(Data items)
▬▬▬

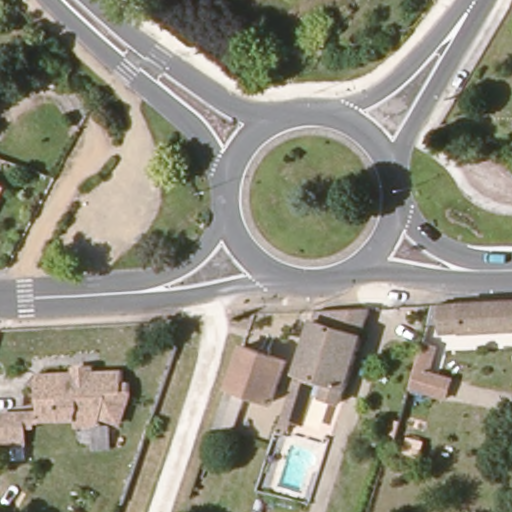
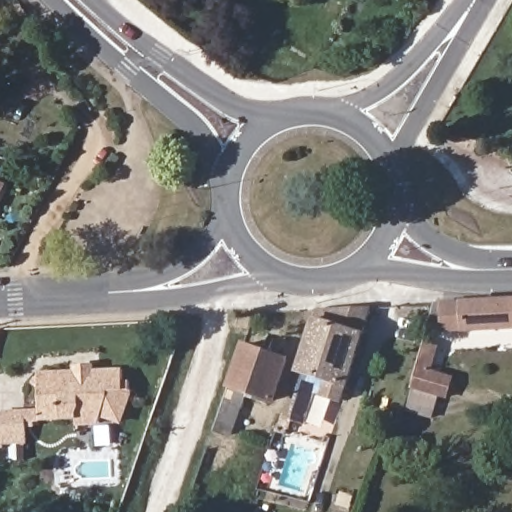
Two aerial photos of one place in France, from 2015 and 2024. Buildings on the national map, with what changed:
unchanged [(0,195),(0,184),(5,187),(0,195)]
unchanged [(512,304),(512,332),(447,334),(447,320),(438,320),(440,308),(512,304)]
unchanged [(367,337),(349,385),(339,406),(318,398),(307,427),(292,425),(287,442),(276,434),(287,398),(294,400),(303,376),(293,371),(311,316),(314,306),(376,307),(367,337)]
unchanged [(441,347),(432,372),(455,377),(448,400),(411,390),(425,342),(441,347)]
unchanged [(287,358),(274,400),(245,390),(231,434),(215,429),(244,345),(287,358)]
unchanged [(38,371),(122,366),(124,378),(133,377),(133,390),(128,408),(117,409),(111,420),(92,421),(92,412),(42,414),(38,371)]
unchanged [(37,421),(27,422),(27,442),(0,444),(0,404),(37,403),(37,421)]

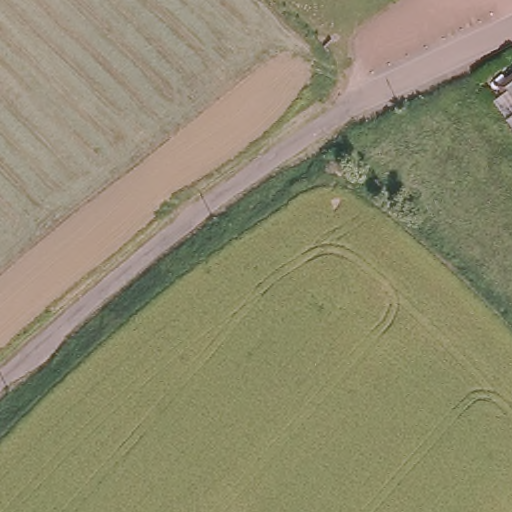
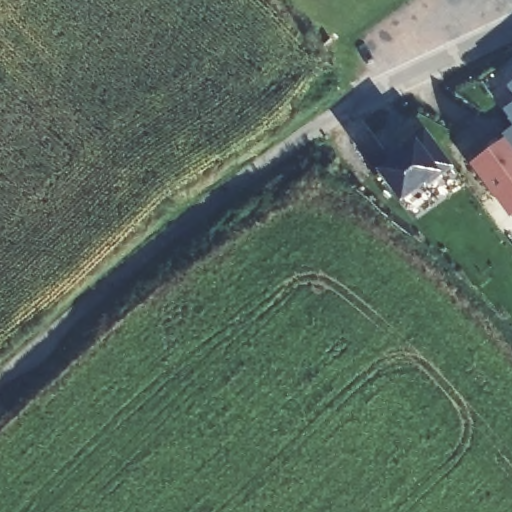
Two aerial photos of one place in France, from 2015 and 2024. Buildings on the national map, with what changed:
unchanged [(510,90),(512,88),(512,92),(510,90)]
new [(511,129),(512,131),(512,160),(497,140),(511,129)]
new [(396,160),(394,158),(422,136),(449,172),(421,194),(419,191),(397,207),(374,176),(396,160)]
new [(466,170),(487,152),(489,154),(501,145),(512,160),(512,218),(507,222),(466,170)]

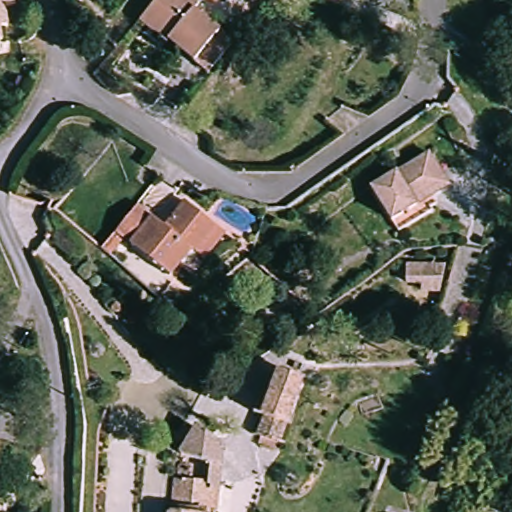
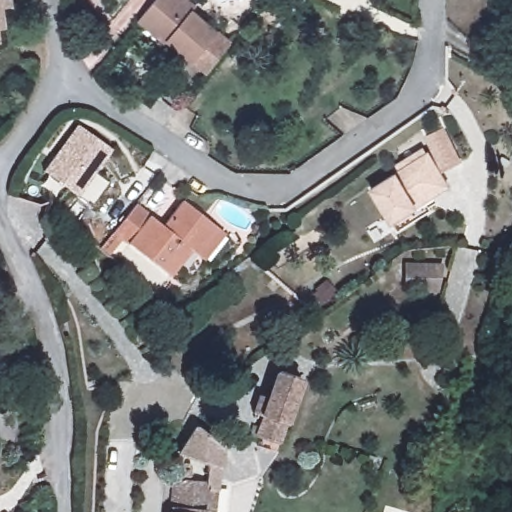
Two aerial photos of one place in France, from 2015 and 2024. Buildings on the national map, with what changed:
unchanged [(187,58),(162,38),(158,41),(132,20),(138,13),(149,0),(184,0),(190,6),(188,8),(211,28),(224,39),(224,40),(200,69),(187,58)]
new [(113,150),(97,170),(110,180),(91,205),(79,197),(44,171),(77,125),(113,150)]
new [(426,138),(445,129),(462,163),(444,172),(426,138)]
unchanged [(427,161),(442,192),(385,222),(368,191),(427,161)]
unchanged [(112,235),(132,207),(162,227),(180,202),(212,223),(220,228),(201,255),(193,251),(175,277),(112,235)]
unchanged [(255,397),(269,401),(278,372),(302,380),(283,445),(259,439),(263,422),(250,418),(255,397)]
unchanged [(163,511),(169,511),(171,466),(182,467),(182,480),(200,480),(201,470),(173,455),(188,428),(217,444),(214,512),(163,512),(163,511)]

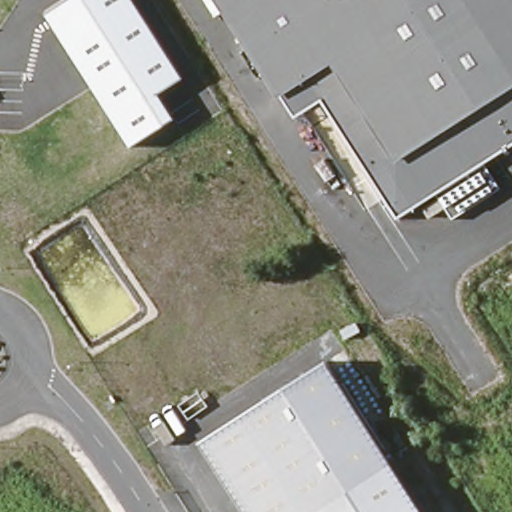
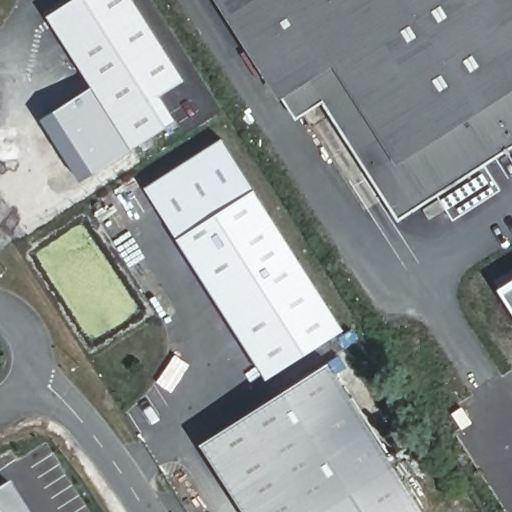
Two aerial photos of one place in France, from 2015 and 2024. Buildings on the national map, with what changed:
unchanged [(160,94),(175,120),(131,149),(46,16),(71,0),(134,0),(183,78),(160,94)]
unchanged [(512,146),(398,220),(324,99),(293,119),(279,99),(215,0),(512,0),(512,146)]
new [(91,86),(131,149),(80,181),(41,119),(91,86)]
new [(221,138),(342,328),(270,379),(144,189),(221,138)]
new [(512,279),(512,310),(497,288),(512,279)]
unchanged [(245,512),(201,443),(328,362),(392,462),(314,512),(245,512)]
unchanged [(314,512),(392,462),(424,512),(314,512)]
new [(29,512),(0,512),(0,495),(13,487),(29,512)]

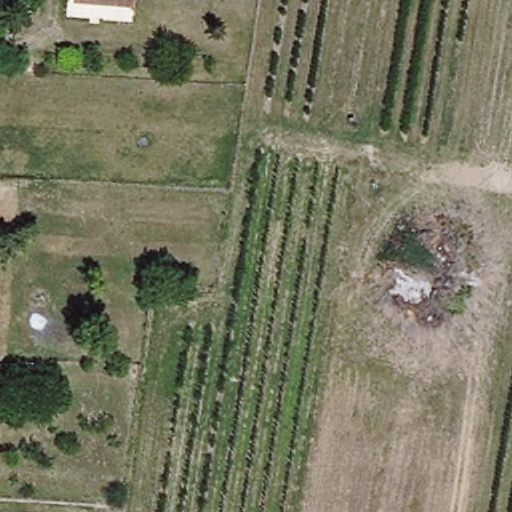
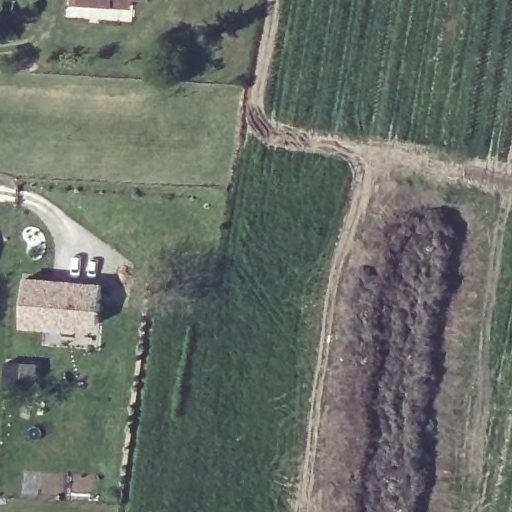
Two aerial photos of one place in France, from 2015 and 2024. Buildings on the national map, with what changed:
unchanged [(70,1),(70,0),(147,0),(146,4),(70,1)]
new [(25,276),(101,282),(100,320),(78,327),(21,323),(25,276)]

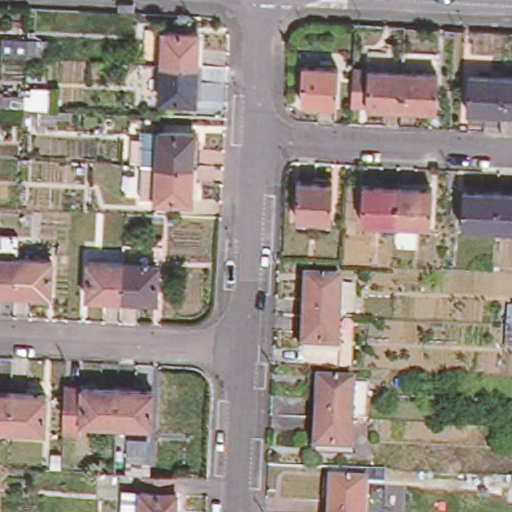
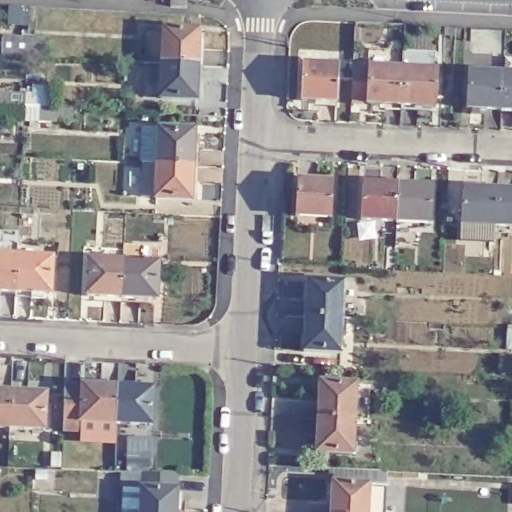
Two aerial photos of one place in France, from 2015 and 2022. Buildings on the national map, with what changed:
unchanged [(201,27),(199,61),(163,60),(166,24),(201,27)]
unchanged [(48,41),(47,57),(29,55),(29,40),(48,41)]
unchanged [(199,61),(197,96),(162,95),(163,60),(199,61)]
unchanged [(335,63),(333,99),(298,96),(300,61),(335,63)]
unchanged [(400,66),(435,68),(433,104),(398,102),(363,100),(366,64),(400,66)]
unchanged [(465,70),(499,72),(497,107),(463,105),(465,70)]
unchanged [(497,107),(499,72),(512,73),(512,108),(497,107)]
unchanged [(40,122),(26,122),(2,120),(4,107),(3,95),(27,96),(26,108),(26,109),(39,109),(40,122)]
unchanged [(166,197),(150,197),(152,164),(155,131),(170,132),(170,130),(206,131),(204,166),(202,201),(166,199),(166,197)]
unchanged [(334,183),(332,219),(296,216),(299,181),(334,183)]
unchanged [(363,220),(365,184),(399,187),(397,221),(363,220)]
unchanged [(464,185),(499,186),(497,221),(463,220),(464,185)]
unchanged [(497,221),(499,186),(512,188),(512,223),(497,221)]
unchanged [(397,221),(399,187),(433,189),(432,223),(397,221)]
unchanged [(20,228),(19,253),(53,255),(51,290),(17,288),(0,287),(0,228),(20,228)]
unchanged [(123,298),(88,297),(90,261),(125,263),(123,298)]
unchanged [(159,265),(158,300),(123,298),(125,263),(159,265)]
unchanged [(345,284),(343,319),(308,317),(310,281),(345,284)]
unchanged [(342,353),(306,351),(308,317),(343,319),(342,353)]
unchanged [(506,328),(512,328),(512,350),(505,349),(506,328)]
unchanged [(320,452),(321,418),(323,382),(357,384),(372,385),(370,420),(355,419),(354,455),(320,452)]
unchanged [(47,385),(67,386),(83,387),(119,389),(117,423),(82,421),(81,430),(65,430),(45,429),(11,428),(12,394),(47,395),(47,385)]
unchanged [(119,389),(153,391),(151,424),(117,423),(119,389)]
unchanged [(0,428),(0,393),(12,394),(11,428),(0,428)]
unchanged [(143,474),(178,476),(177,493),(176,512),(141,512),(142,491),(143,474)]
unchanged [(327,493),(335,494),(334,483),(328,483),(329,478),(388,481),(387,496),(369,496),(368,512),(333,512),(326,512),(327,493)]

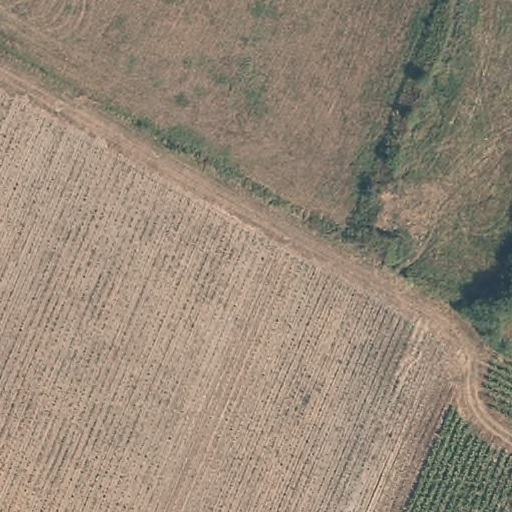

▬▬▬

Give back all of the entries verbatim, but without pictures.

Two aerial photos of one place in France, from 2015 and 2024. Buildings on the national map, with what changed:
unchanged [(0,195),(0,184),(5,187),(0,195)]
unchanged [(512,304),(512,332),(447,334),(447,320),(438,320),(440,308),(512,304)]
unchanged [(367,337),(349,385),(339,406),(318,398),(307,427),(292,425),(287,442),(276,434),(287,398),(294,400),(303,376),(293,371),(311,316),(314,306),(376,307),(367,337)]
unchanged [(441,347),(432,372),(455,377),(448,400),(411,390),(425,342),(441,347)]
unchanged [(287,358),(274,400),(245,390),(231,434),(215,429),(244,345),(287,358)]
unchanged [(38,371),(122,366),(124,378),(133,377),(133,390),(128,408),(117,409),(111,420),(92,421),(92,412),(42,414),(38,371)]
unchanged [(37,421),(27,422),(27,442),(0,444),(0,404),(37,403),(37,421)]

Two aerial photos of one place in France, from 2015 and 2024. Buildings on the national map, with what changed:
unchanged [(510,90),(512,88),(512,92),(510,90)]
new [(511,129),(512,131),(512,160),(497,140),(511,129)]
new [(396,160),(394,158),(422,136),(449,172),(421,194),(419,191),(397,207),(374,176),(396,160)]
new [(466,170),(487,152),(489,154),(501,145),(512,160),(512,218),(507,222),(466,170)]

Two aerial photos of one place in France, from 2015 and 2024. Buildings on the national map, with what changed:
unchanged [(187,58),(162,38),(158,41),(132,20),(138,13),(149,0),(184,0),(190,6),(188,8),(211,28),(224,39),(224,40),(200,69),(187,58)]
new [(113,150),(97,170),(110,180),(91,205),(79,197),(44,171),(77,125),(113,150)]
new [(426,138),(445,129),(462,163),(444,172),(426,138)]
unchanged [(427,161),(442,192),(385,222),(368,191),(427,161)]
unchanged [(112,235),(132,207),(162,227),(180,202),(212,223),(220,228),(201,255),(193,251),(175,277),(112,235)]
unchanged [(255,397),(269,401),(278,372),(302,380),(283,445),(259,439),(263,422),(250,418),(255,397)]
unchanged [(163,511),(169,511),(171,466),(182,467),(182,480),(200,480),(201,470),(173,455),(188,428),(217,444),(214,512),(163,512),(163,511)]

Two aerial photos of one place in France, from 2015 and 2024. Buildings on the national map, with what changed:
unchanged [(160,94),(175,120),(131,149),(46,16),(71,0),(134,0),(183,78),(160,94)]
unchanged [(512,146),(398,220),(324,99),(293,119),(279,99),(215,0),(512,0),(512,146)]
new [(91,86),(131,149),(80,181),(41,119),(91,86)]
new [(221,138),(342,328),(270,379),(144,189),(221,138)]
new [(512,279),(512,310),(497,288),(512,279)]
unchanged [(245,512),(201,443),(328,362),(392,462),(314,512),(245,512)]
unchanged [(314,512),(392,462),(424,512),(314,512)]
new [(29,512),(0,512),(0,495),(13,487),(29,512)]

Two aerial photos of one place in France, from 2015 and 2024. Buildings on the national map, with what changed:
unchanged [(70,1),(70,0),(147,0),(146,4),(70,1)]
new [(25,276),(101,282),(100,320),(78,327),(21,323),(25,276)]

Two aerial photos of one place in France, from 2015 and 2022. Buildings on the national map, with what changed:
unchanged [(201,27),(199,61),(163,60),(166,24),(201,27)]
unchanged [(48,41),(47,57),(29,55),(29,40),(48,41)]
unchanged [(199,61),(197,96),(162,95),(163,60),(199,61)]
unchanged [(335,63),(333,99),(298,96),(300,61),(335,63)]
unchanged [(400,66),(435,68),(433,104),(398,102),(363,100),(366,64),(400,66)]
unchanged [(465,70),(499,72),(497,107),(463,105),(465,70)]
unchanged [(497,107),(499,72),(512,73),(512,108),(497,107)]
unchanged [(40,122),(26,122),(2,120),(4,107),(3,95),(27,96),(26,108),(26,109),(39,109),(40,122)]
unchanged [(166,197),(150,197),(152,164),(155,131),(170,132),(170,130),(206,131),(204,166),(202,201),(166,199),(166,197)]
unchanged [(334,183),(332,219),(296,216),(299,181),(334,183)]
unchanged [(363,220),(365,184),(399,187),(397,221),(363,220)]
unchanged [(464,185),(499,186),(497,221),(463,220),(464,185)]
unchanged [(497,221),(499,186),(512,188),(512,223),(497,221)]
unchanged [(397,221),(399,187),(433,189),(432,223),(397,221)]
unchanged [(20,228),(19,253),(53,255),(51,290),(17,288),(0,287),(0,228),(20,228)]
unchanged [(123,298),(88,297),(90,261),(125,263),(123,298)]
unchanged [(159,265),(158,300),(123,298),(125,263),(159,265)]
unchanged [(345,284),(343,319),(308,317),(310,281),(345,284)]
unchanged [(342,353),(306,351),(308,317),(343,319),(342,353)]
unchanged [(506,328),(512,328),(512,350),(505,349),(506,328)]
unchanged [(320,452),(321,418),(323,382),(357,384),(372,385),(370,420),(355,419),(354,455),(320,452)]
unchanged [(47,385),(67,386),(83,387),(119,389),(117,423),(82,421),(81,430),(65,430),(45,429),(11,428),(12,394),(47,395),(47,385)]
unchanged [(119,389),(153,391),(151,424),(117,423),(119,389)]
unchanged [(0,428),(0,393),(12,394),(11,428),(0,428)]
unchanged [(143,474),(178,476),(177,493),(176,512),(141,512),(142,491),(143,474)]
unchanged [(327,493),(335,494),(334,483),(328,483),(329,478),(388,481),(387,496),(369,496),(368,512),(333,512),(326,512),(327,493)]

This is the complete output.